One significant advantage of using regular numerical values rather than one-hot encoding for regression is related to model simplicity and dimensionality. When regular numerical values (especially for ordinal categorical variables) are used instead of one-hot encoding, it often leads to simpler models with fewer input features, which can offer several benefits:

**Reduced Model Complexity and Lower Dimensionality:**
- **Avoiding the Curse of Dimensionality**: One-hot encoding transforms categorical variables into multiple binary variables, one for each category. This can significantly increase the number of features in the dataset, leading to high-dimensional models. Using numerical values keeps the feature space smaller, helping to avoid the "curse of dimensionality" which can hamper model performance, particularly in terms of overfitting and computational efficiency.
  
- **Easier Interpretation and Analysis**: Models with fewer features are generally easier to interpret and analyze. Each coefficient in a regression model directly corresponds to one feature, so fewer features mean a more straightforward interpretation of how each variable affects the outcome.
  
- **Improved Computational Efficiency**: With fewer features, models often require less computational resources for training and prediction, making them more efficient to run. This can be especially beneficial when dealing with large datasets or when computational resources are limited.

- **Handling Ordinal Data Appropriately**: If the categorical variable is ordinal (where the order of categories is meaningful), encoding it as a regular numerical value preserves this order, which can lead to a more accurate model. One-hot encoding, on the other hand, treats each category as separate and equal, losing any ordinal information.

**Summary:**
In essence, using regular numerical values can simplify the model, making it more interpretable, computationally efficient, and potentially more accurate (especially in the case of ordinal data) compared to the complex, high-dimensional models that can result from one-hot encoding. 

**Question 9**

I would suggest using a regression model to the machine learning model customer. Here’s a more detailed justification:

1. **Nature of Target Variable**: The target variable in the problem is a continuous quantity, representing a rate. Regression is well-suited for predicting continuous outcomes and can provide precise, quantifiable predictions, which is essential for tasks like estimating suicide rates.

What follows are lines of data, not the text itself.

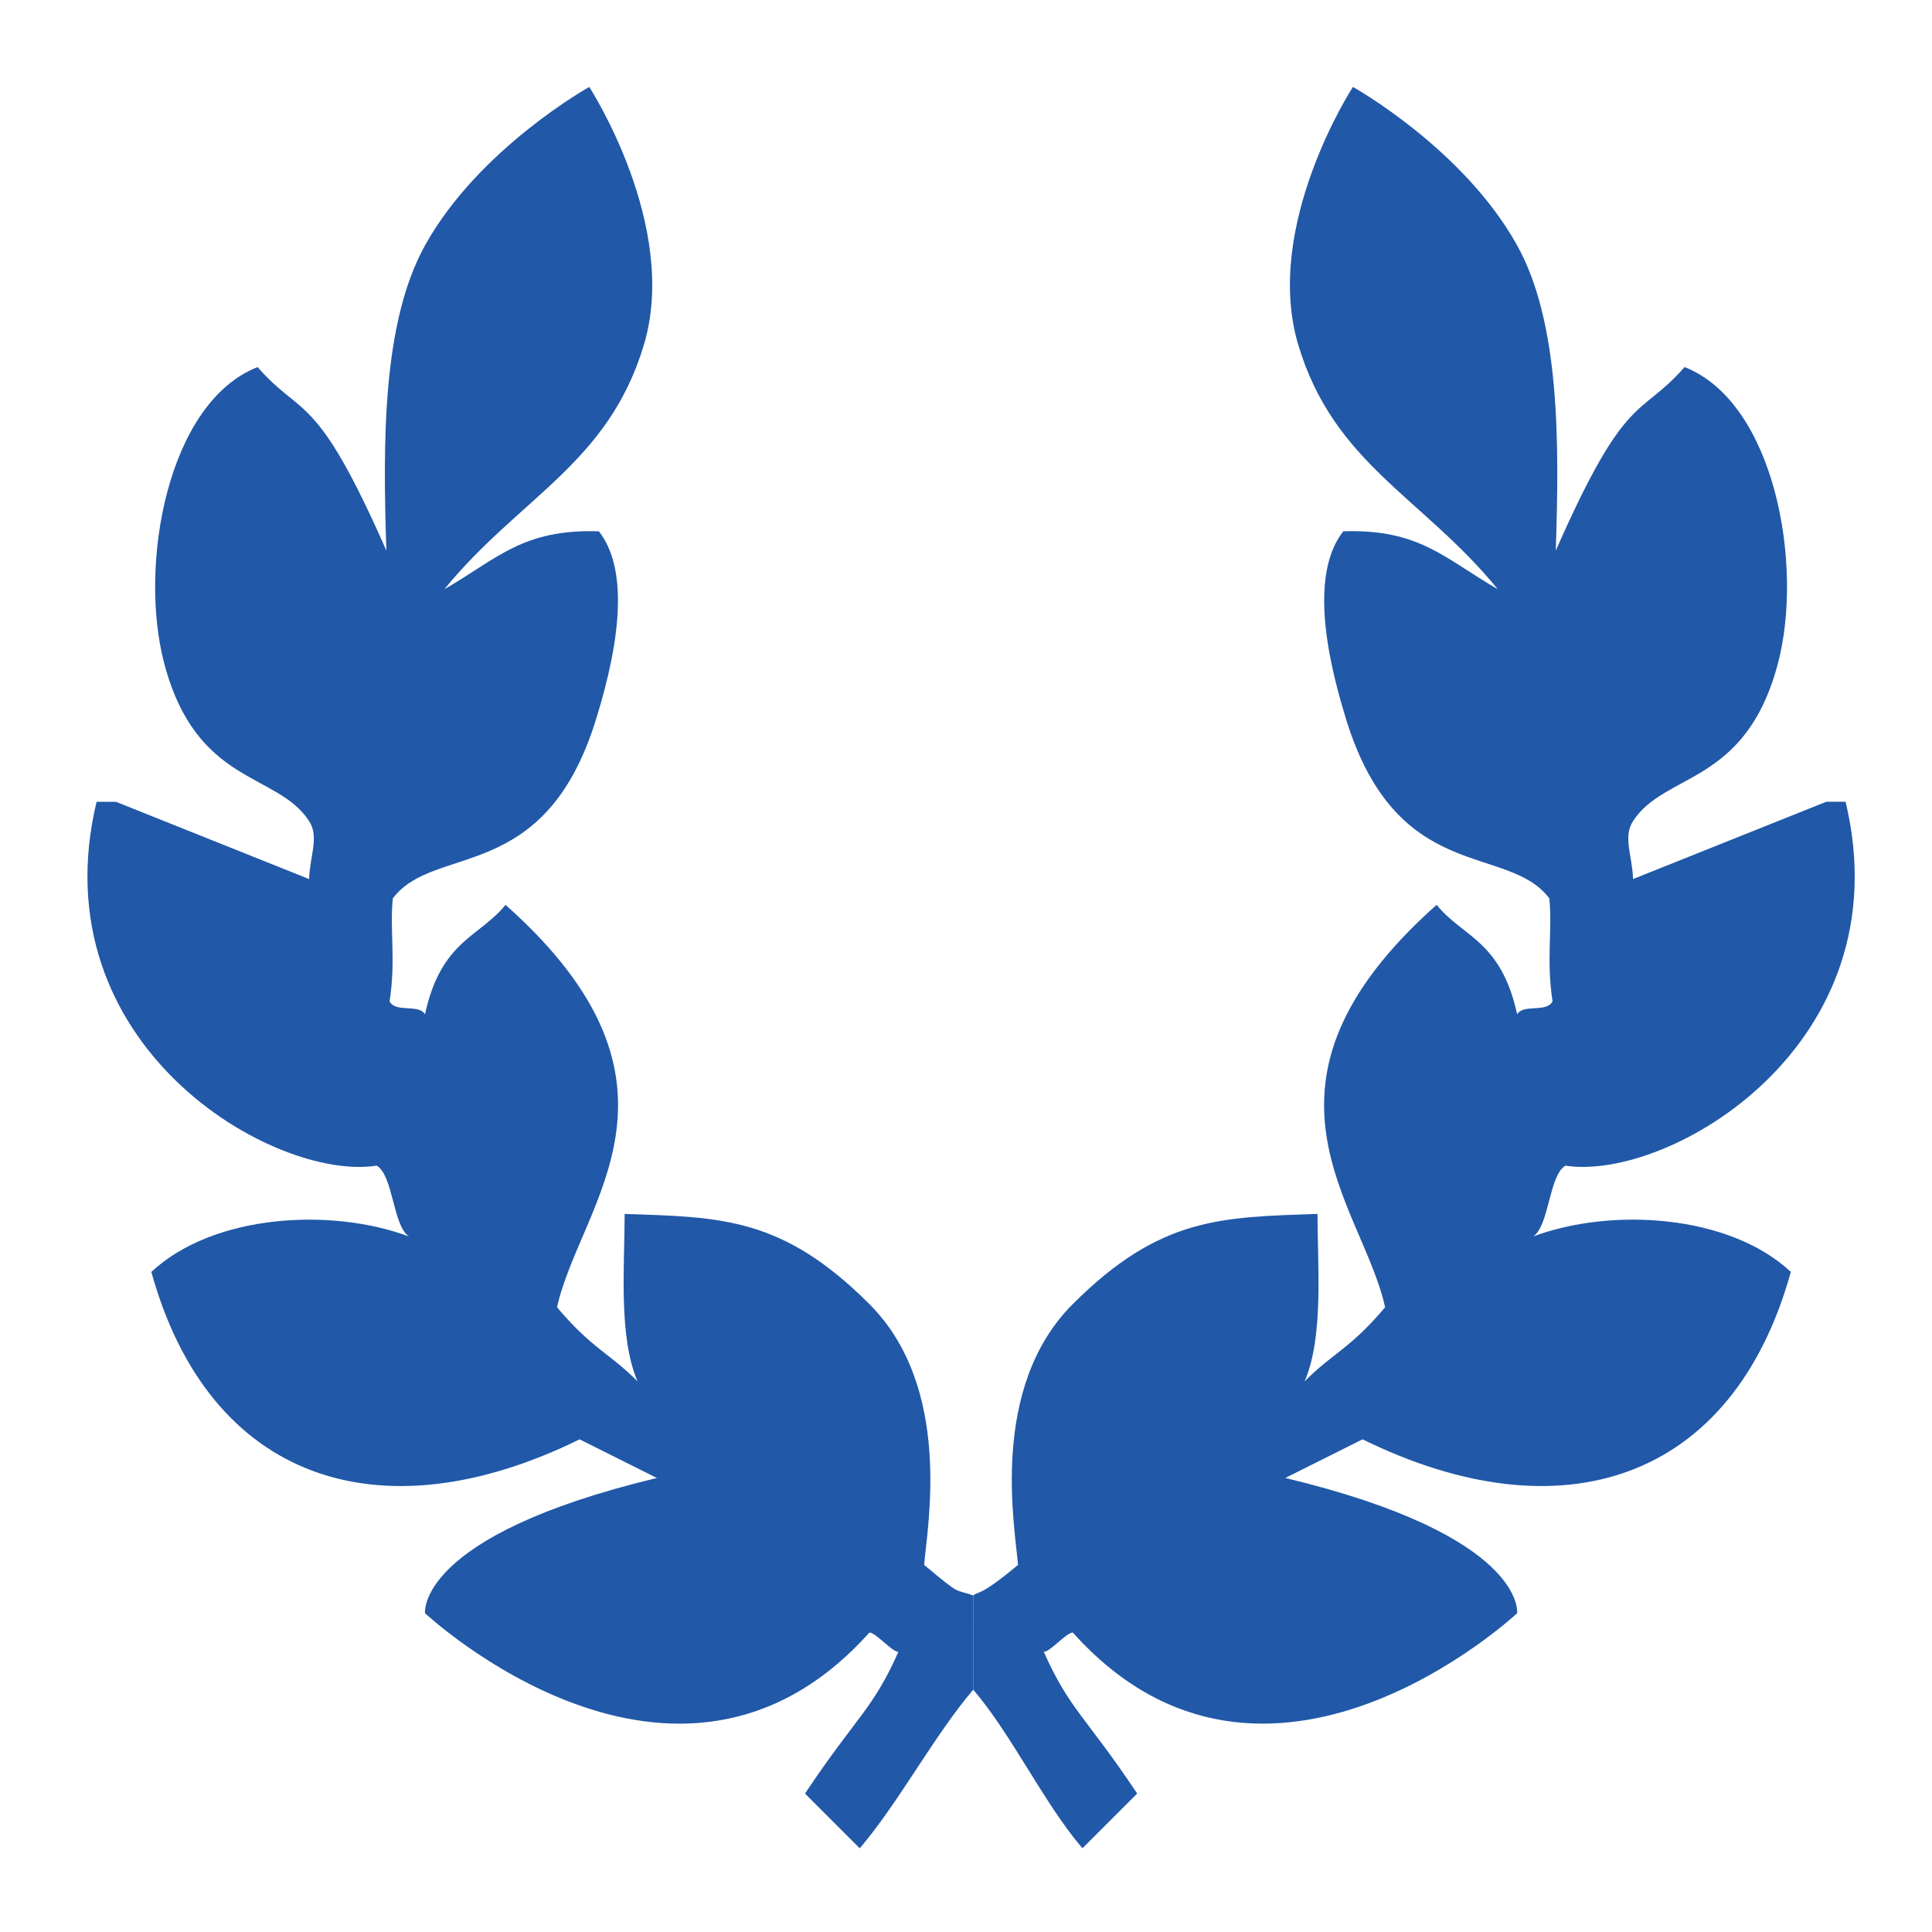 <?xml version="1.0" encoding="utf-8"?>
<!-- Generator: Adobe Illustrator 14.0.0, SVG Export Plug-In  -->
<!DOCTYPE svg PUBLIC "-//W3C//DTD SVG 1.1//EN" "http://www.w3.org/Graphics/SVG/1.1/DTD/svg11.dtd">
<svg version="1.1"
	 xmlns="http://www.w3.org/2000/svg" xmlns:xlink="http://www.w3.org/1999/xlink" xmlns:a="http://ns.adobe.com/AdobeSVGViewerExtensions/3.0/"
	 x="0px" y="0px" width="100px" height="100px" viewBox="-4.527 -4.499 100 100" enable-background="new -4.527 -4.499 100 100"
	 xml:space="preserve">
<defs>
</defs>
<path fill-rule="evenodd" clip-rule="evenodd" fill="#2158A8" d="M45.848,82.959c-2,2.333-3.875,5.876-5.875,8.209
	c-0.666-0.667-2.167-2.166-2.833-2.833c2.667-4,3.5-4.334,4.833-7.334c-0.334,0-1.166-1-1.5-1c-10,11.167-23-1-23-1s-0.5-4,12-7
	c-1.333-0.667-2.667-1.333-4-2C15.17,75.068,6.306,72.168,3.306,61.335c3.221-3.003,9.333-3.334,13.333-1.834
	c-0.833-0.56-0.813-3.173-1.667-3.666c-5.333,0.833-17.515-6.238-14.5-18.834c0.334,0,0.666,0,1,0c3.333,1.333,6.667,2.667,10,4
	c0.041-1.228,0.535-2.171,0-3c-1.643-2.544-5.833-1.833-7.5-8.167c-1.339-5.089,0.167-13.5,4.833-15.333
	c2.333,2.667,3,1.167,6.667,9.5c-0.184-5.636-0.22-11.814,2.014-15.824c2.783-4.994,8.486-8.176,8.486-8.176
	s4.667,7.167,2.833,13.333s-6.445,7.905-10.333,12.667c2.75-1.583,4.042-3.125,8-3c1.458,1.875,1.216,5.364-0.167,9.792
	c-2.667,8.542-8.346,6.346-10.5,9.208c-0.167,1.667,0.167,3.167-0.167,5.334c0.327,0.602,1.503,0.114,1.833,0.666
	c0.833-3.833,2.834-4,4.167-5.667c10.5,9.333,3.833,15.5,2.667,20.833c1.833,2.167,2.71,2.364,4.167,3.833
	c-1-2.333-0.667-6-0.667-8.666c5,0.167,8.163,0.162,12.667,4.666c4.334,4.334,3,11.5,2.834,13.5c2,1.667,1.5,1.208,2.541,1.583"/>
<path fill-rule="evenodd" clip-rule="evenodd" fill="#2158A8" d="M45.848,78.084c0.306-0.249,0.318,0.083,2.318-1.584
	C48,74.5,46.666,67.334,51,63c4.504-4.504,7.666-4.499,12.666-4.666C63.666,61,64,64.667,63,67c1.456-1.469,2.333-1.666,4.166-3.833
	c-1.166-5.333-7.833-11.5,2.667-20.833C71.166,44,73.166,44.167,74,48c0.33-0.552,1.506-0.064,1.833-0.666
	c-0.333-2.167,0-3.667-0.167-5.334c-2.153-2.861-7.833-0.666-10.5-9.208C63.784,28.364,63.541,24.875,65,23
	c3.958-0.125,5.25,1.417,8,3c-3.889-4.762-8.5-6.5-10.334-12.667C60.833,7.167,65.5,0,65.5,0s5.703,3.182,8.486,8.176
	C76.221,12.186,76.184,18.364,76,24c3.666-8.333,4.334-6.833,6.666-9.5c4.668,1.833,6.174,10.245,4.834,15.333
	C85.833,36.167,81.643,35.455,80,38c-0.535,0.828-0.041,1.771,0,3c3.333-1.333,6.667-2.667,10-4c0.334,0,0.666,0,1,0
	c3.015,12.596-9.167,19.667-14.5,18.834c-0.854,0.493-0.834,3.106-1.667,3.666c4-1.5,10.112-1.169,13.333,1.834
	C85.166,72.167,76.303,75.067,66,70c-1.333,0.667-2.667,1.333-4,2c12.5,3,12,7,12,7s-13,12.167-23,1c-0.334,0-1.166,1-1.5,1
	c1.333,3,2.166,3.334,4.833,7.334c-0.666,0.667-2.167,2.166-2.833,2.833c-2-2.333-3.652-5.875-5.652-8.208"/>
</svg>

2. **Interpretability**: Regression models offer valuable interpretability, especially in terms of understanding how changes in independent variables like age, sex, and generation influence the suicide rate. Each coefficient in a regression model represents the expected change in the suicide rate for a unit change in a predictor, assuming other variables are held constant. This can provide insightful and actionable information.

3. **Subtlety and Nuance in Predictions**: Regression can capture the subtleties and nuances in the data, offering a detailed prediction. This is important in cases like yours where small changes in predictors could significantly influence the outcome.

4. **Model Performance and Suitability**: Based on the tasks in the assignment, the regression model has been tailored to predict a specific rate, aligning closely with the continuous nature of your target variable. This direct alignment often results in better performance for the given task.

In conclusion, while classification could categorize data into discrete classes (like high or low suicide risk), regression provides a more fitting approach for your task of predicting an exact numerical value. Its ability to provide detailed, continuous outputs and the interpretability of its results makes it the recommended choice for your machine learning customer in this scenario.